The next step I would recommend is to study the very first cache miss _after_ the 500 or 200 concurrent threads test. Doing so may shed light on why Squid is refusing to serve that (presumably cached) object from the cache. I suspect that the object was marked for deletion earlier, but we should check before spending more time on more complex triage of concurrent cases. If you can share a (link to) compressed ALL,9 cache.log from that single transaction against Squid v6, I may be able to help you with that step.


Cheers,

Alex.


 > What is your Squid version? Older Squids have more collapsed forwarding
 > bugs than newer ones. I recommend testing with Squid v6 or master/v7, at
 > least to confirm that the problem is still present in the latest
 > official code.
I run tests on SQUID 5.9.
We compiled 6.0.2 (with disabled delay-pools) and increased memory parameters:
   cache_mem 2048 MB
   maximum_object_size_in_memory 10 MB
The complete configuration is shown below.

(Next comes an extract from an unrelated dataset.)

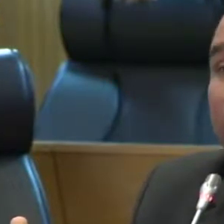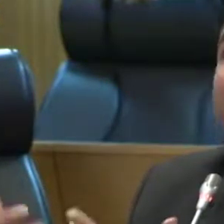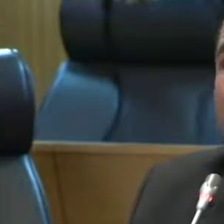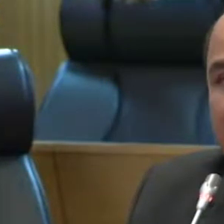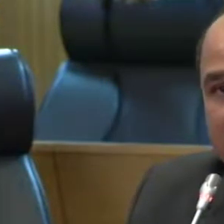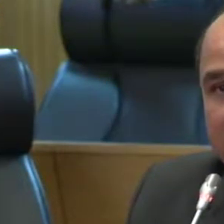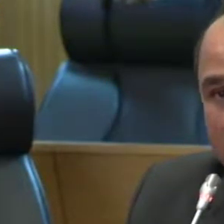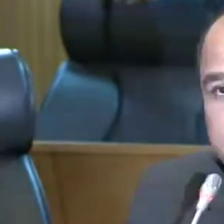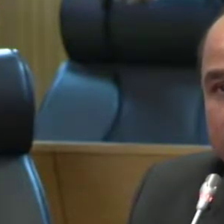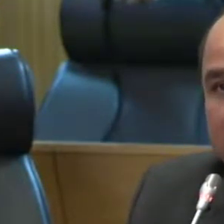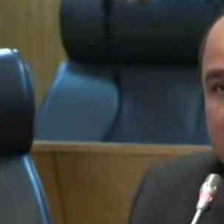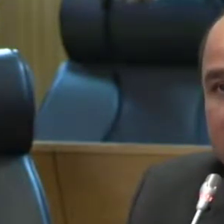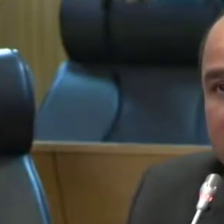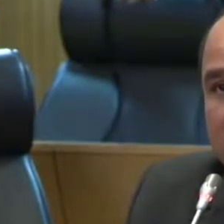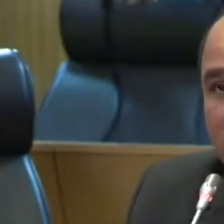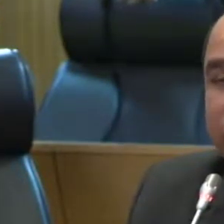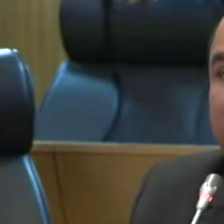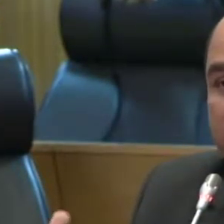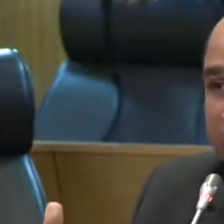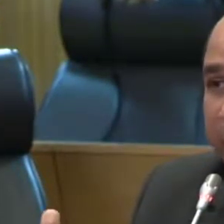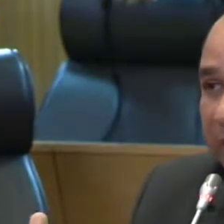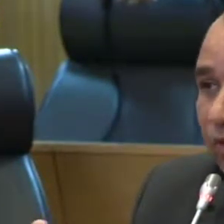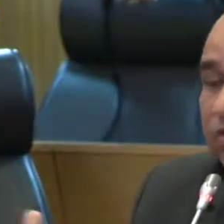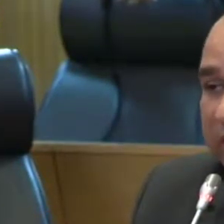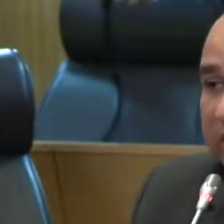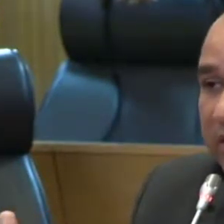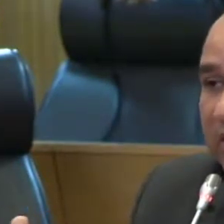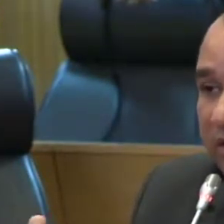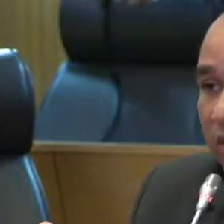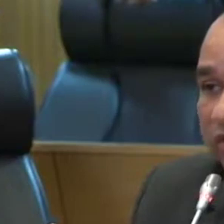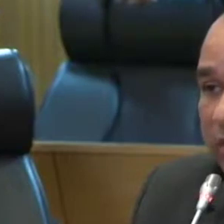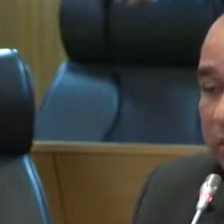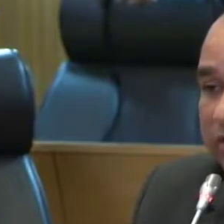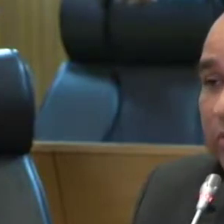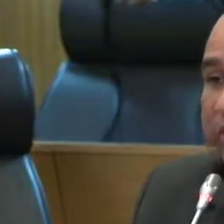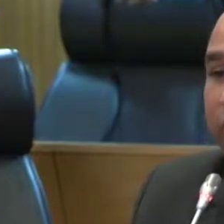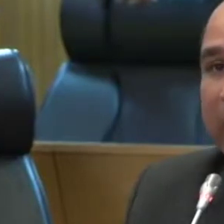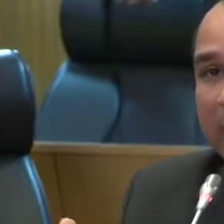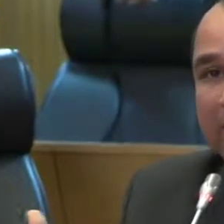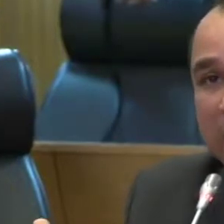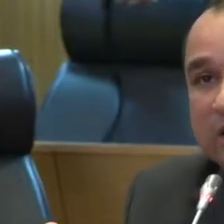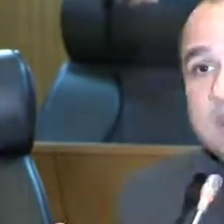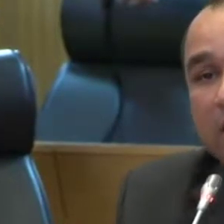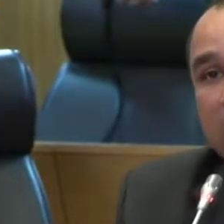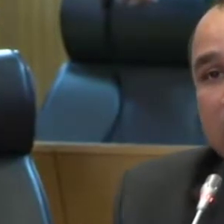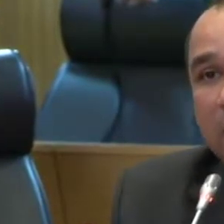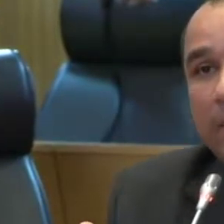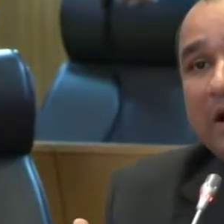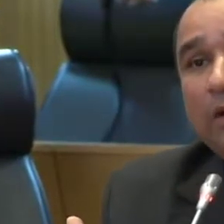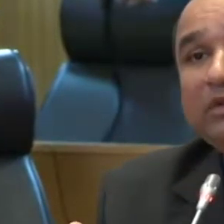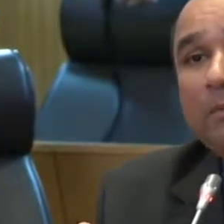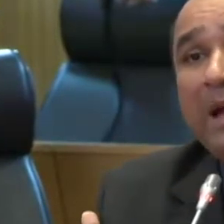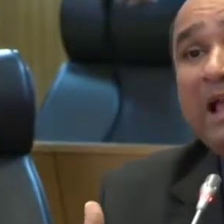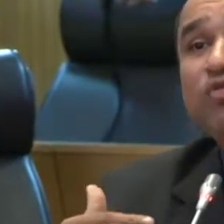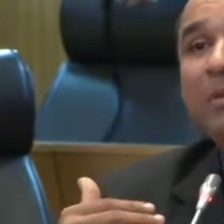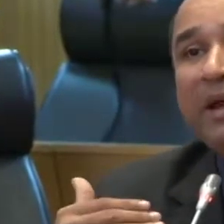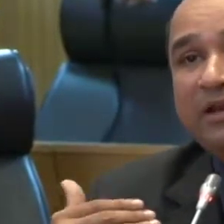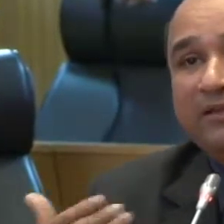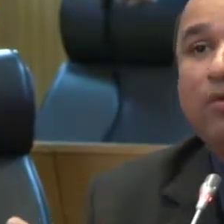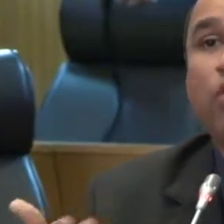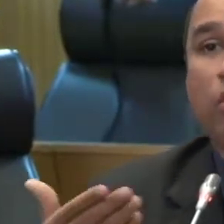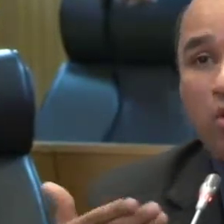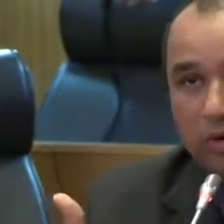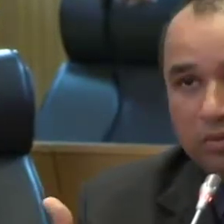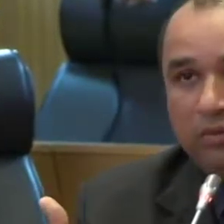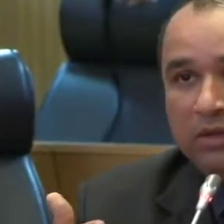de uma nova paralisação. Mostrando, inclusive, para todos nós aqui que nós tínhamos que buscar uma saída para não ter mais uma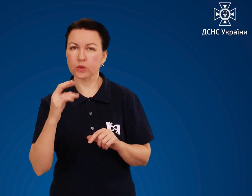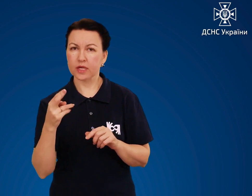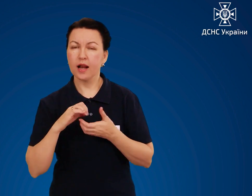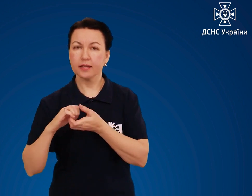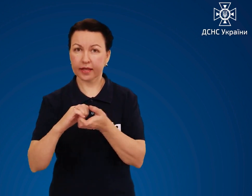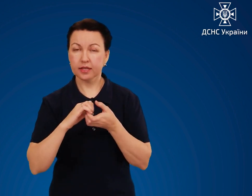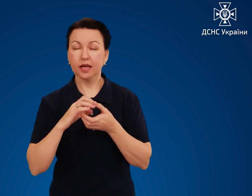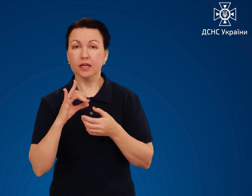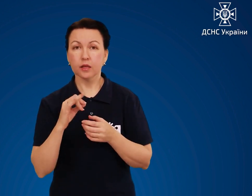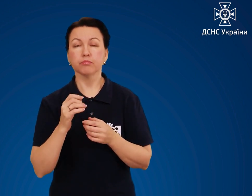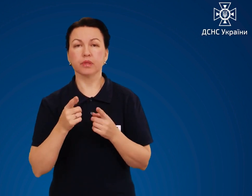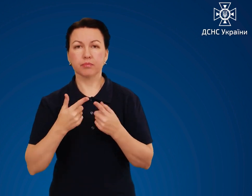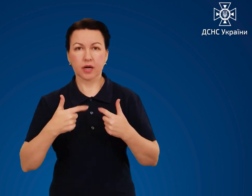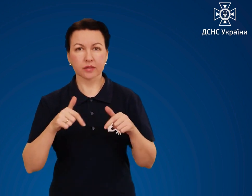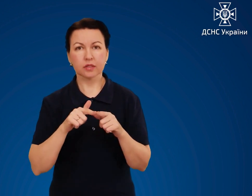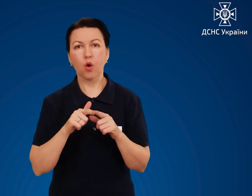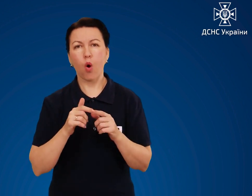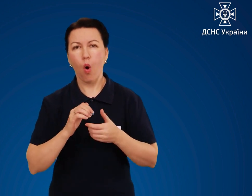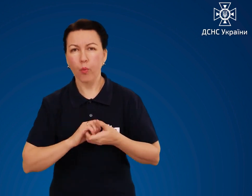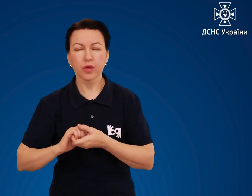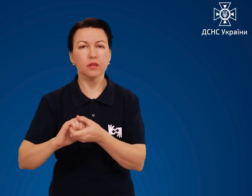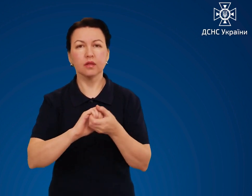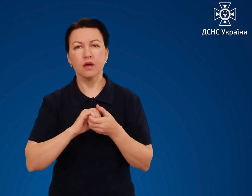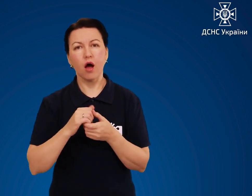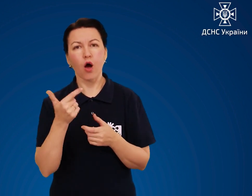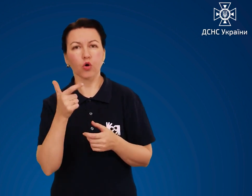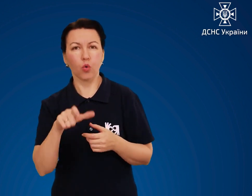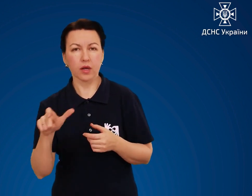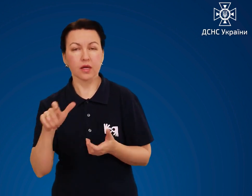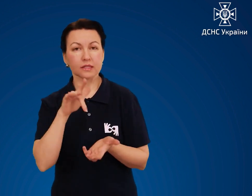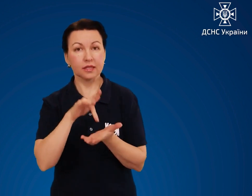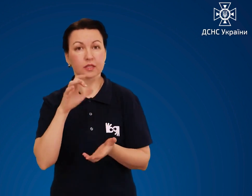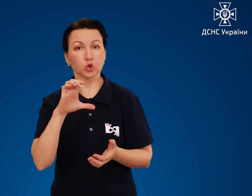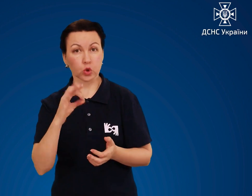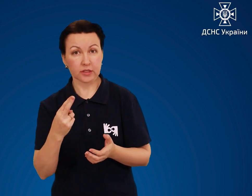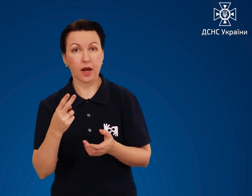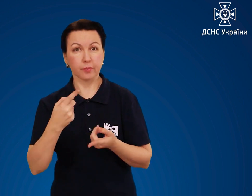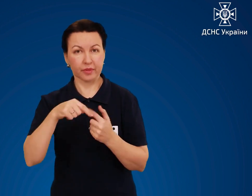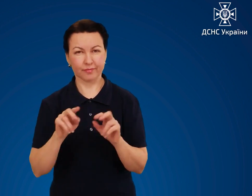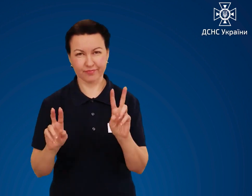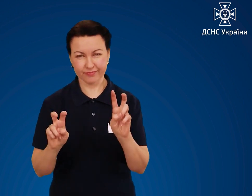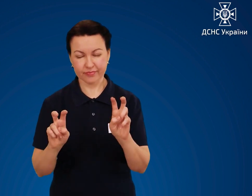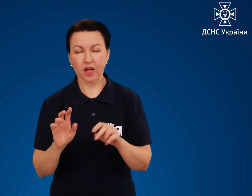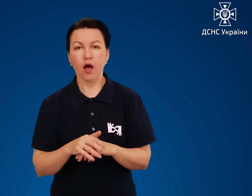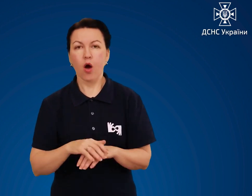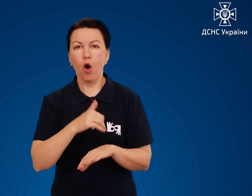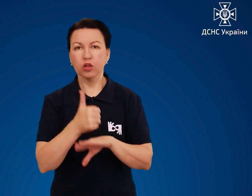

Now on the version 6.0.2 we have the next results:
500 threads -  Hit ratio 3.8%:
       3 TCP_CF_HIT/200/- HIER_NONE/-
       2 TCP_CF_MISS/200/200 FIRSTUP_PARENT/parent_proxy
      16 TCP_HIT/200/- HIER_NONE/-
     467 TCP_MISS/200/200 FIRSTUP_PARENT/parent_proxy
      12 TCP_SWAPFAIL_MISS/200/200 FIRSTUP_PARENT/parent_proxy

200 threads - 6%
       6 TCP_CF_HIT/200/- HIER_NONE/-
      10 TCP_HIT/200/- HIER_NONE/-
     176 TCP_MISS/200/200 FIRSTUP_PARENT/parent_proxy
       8 TCP_SWAPFAIL_MISS/200/200 FIRSTUP_PARENT/parent_proxy

50 threads - 82%
      30 TCP_CF_HIT/200/- HIER_NONE/-
      11 TCP_HIT/200/- HIER_NONE/-
       1 TCP_MISS/200/200 FIRSTUP_PARENT/parent_proxy
       8 TCP_SWAPFAIL_MISS/200/200 FIRSTUP_PARENT/parent_proxy

The results are slightly worse than they were on the version 5.9.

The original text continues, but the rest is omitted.